Distributed job-scheduler for video feature extraction. Easily extendible to run other workloads that you may need. If you'd like to use the cthulhu scheduler in your project, check out the section on Adding new job types, or feel free to get in touch with the maintainer of the project (currently @pabloem).
The repository of the cthulhu scheduler is structured as a project that can be developed and compiled with gradle. Gradle builds the cthulhu scheduler into a fat JAR packaged with all its dependencies. The project is coded in Java 8; so the basic dependencies to build are gradle and Java 8.
$> gradle build
Note: The gradle build
command also runs unit tests of the project.
To run a Cthulhu cluster, it is necessary to first start a coordinator process, which can be started using option -C. The default port for the coordinator to listen in is 8082, and it can be set in a properties file, or as an argument when the program is executed (see help menu below).
$> java -jar build/libs/cthulhu.jar -C [-p 8082 -a localhost]
- Note: When a cthulhu worker starts up, it will register with the coordinator. If the worker can not find and register with the coordinator, it will finish execution without running.
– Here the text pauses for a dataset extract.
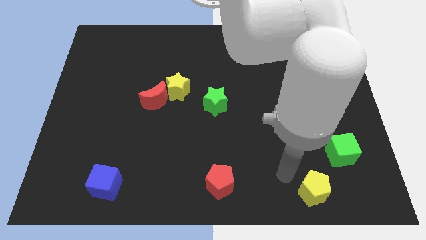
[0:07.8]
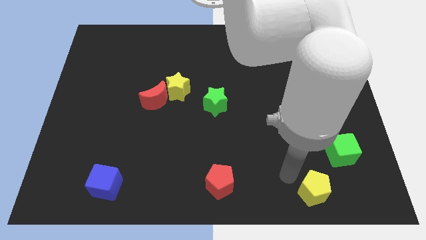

Once the coordinator has been started, cthulhu runner instances can be started by using the option -W. A runner instance
must also receive the -hp and -ha argument options to find the coordinator to register with. The runner instance
should have access to a properties file with some basic configuration options. Specially, the properties file must
contain a workspace
property which is a directory that can be manipulated by the Cthulhu process (or it will
default to /workspace, next to /ui).
$> java -jar build/libs/cthulhu.jar -W -hp 8082 -ha coord.ip [-p 8081] [-c 10]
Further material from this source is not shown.